Newbie: Common FEDERATION support, privacy, DMs and other non-obvious things

As someone who has only immersed myself in ActivityPub specs and source code for two months, I can start to see the basic common outlines of what AP servers do, and why therefore there is such a thing as the Fediverse. But it’s becoming more and more clear that AP is a garden with so many different flowers in it, each one with its own scents and colors.

I guess at the outset (back in 2016-17) the few applications then attempted to include a FEDERATION.md file explaining which activities each would support, any extensions to the AS vocabulary each would add, and some other details. I was only able to find three of these, for Zap, Tavern, and Mastodon. I guess current implementers don’t feel the need for it. But there is useful information in there. In Zap’s FEDERATION, for example:

The Zot permission system has years of historical use and is different than and the reverse of the typical ActivityPub project. We consider ‘Follow’ to be an anti-pattern which encourages pseudo anonymous stalking. A Follow activity by an actor on this project typically means the actor on this project will send activities to the recipient. It may also confer other permissions. Accept/Follow usually provides permission to receive content from the referenced actor, depending on their privacy settings.

It’s hard for someone new attempting to implement a server to figure out if there are any very commonly used assumptions about addressing, which core activities you really should support and which are not that important, etc.

Without having to dig through the source code of 5 to 10 of the biggest servers, I have a lot of questions about privacy and distribution. I have looked through FEPs and read some of the discussions here about the various ways to implement true “direct messages” and I guess some standards are becoming clearer there. But I guess the Fediverse will always be a place where each server can do what it wants (with the result being varying degrees of interoperability).

It seems to me that a user’s expectation of a level of privacy needs to be a global concern. So here’s one example of a question I don’t find trivial (maybe the answer is obvious): Do most servers implement the filtering of items in standard collections (“Outbox”, “Liked”, “Shares”) based on the contained objects’ “to”, etc, addresses, or are these in general considered public? The spec says these collections

MAY be filtered on privileges of an authenticated user or as appropriate when no authentication is given.

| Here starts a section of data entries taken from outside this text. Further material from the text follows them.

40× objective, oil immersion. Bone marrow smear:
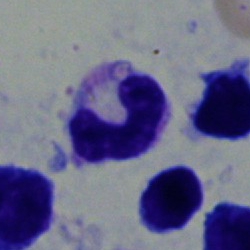 Q: What is shown here?
A: A band neutrophil.
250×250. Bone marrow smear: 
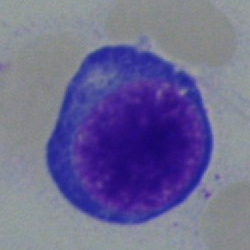Single cell identified as a pronormoblast.
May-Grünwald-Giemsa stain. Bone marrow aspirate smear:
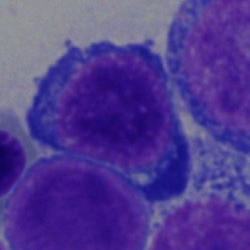

Morphology consistent with an erythroblast.

I think the confusion here might be in the way the spec is worded—you should never display non-public activities to in the outbox unless authentication is implemented. Unfortunately, consensus for the type and nature of that authentication wasn’t established before the spec was released, so it was left open for later extension and improvement. That’s why you’ll see references to authentication and authorization primarily left as MAYs in the spec, because it wasn’t certain at all whether authentication would be possible across different servers.

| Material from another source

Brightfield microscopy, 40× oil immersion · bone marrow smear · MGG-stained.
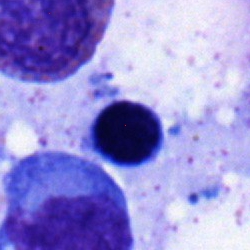Specimen: bone marrow aspirate smear.
Classification: nucleated red cell.
Lineage: erythroid.

In fact, here is the language for the Outbox collection, which is even stronger:

The outbox stream contains activities the user has published, subject to the ability of the requestor to retrieve the activity (that is, the contents of the outbox are filtered by the permissions of the person reading it). If a user submits a request without Authorization the server should respond with all of the Public posts.

So you can see here that only public activities should be displayed. The other collections (likes, shares, following and followers) have the separate MAY language. The only one I could see that language being confusing for is likes and shares—I don’t think any responsible implementor would consider it optional to hide a private Announce from the shares collection, but because the spec doesn’t require you to implement authorization, it’s still a MAY to show them if the user is authorized.

Most (all?) existing implementations support HTTP Signatures for authentication, based on the publicKey property of the actor. However, probably only some implementations use that authentication for outbox requests. This is because the primary focus of implementation work has been on the server-to-server aspect of the protocol, which doesn’t necessarily rely on outboxes to function. Again though, even if Authorization isn’t implemented, that just means that only as:Public posts will be returned.

As a newcomer I can relate to this (on the history of implementations of Groups):

Ad-hoc Interoperability will likely further increase over time, and the ecosystem will become more unattractive for newcomers .

Thanks for the clarification. Here’s another Q: can an Update change the visibility of a previously address-restricted object? I guess it could.

That’s an interesting question. It comes down ultimately to how you interpret the “delivery” sections of the spec. I think it’s fair to say that by a strict and precise reading of the spec, the decision to add a post to a user’s inbox is made once the post is delivered to that inbox (or to the sharedInbox) by the originating server, and that subsequent updates to the to or cc property can’t retroactively change that delivery. But in practice I would expect most implementations would want to add support for Updates of that nature.

One more subtlety. Say I allow users to maintain their own arbitrary collections of objects. When a user posts an “Add” activity and references an object by its id (rather than the full content), what should control the visibility of that object to others–the original audience of the object (which could be obtained by dereferencing it); or just the audience specified in the “Add” activity; or a union of the two (as is specified to be done for a “Create” activity).

Unless the visibility of the original object is maintained, this is kind of like the situation where someone emails others with the contents of a letter that was presumed to be private by the author). But ultimately I guess social networks have no guarantee of privacy, unless messages are end-to-end encrypted.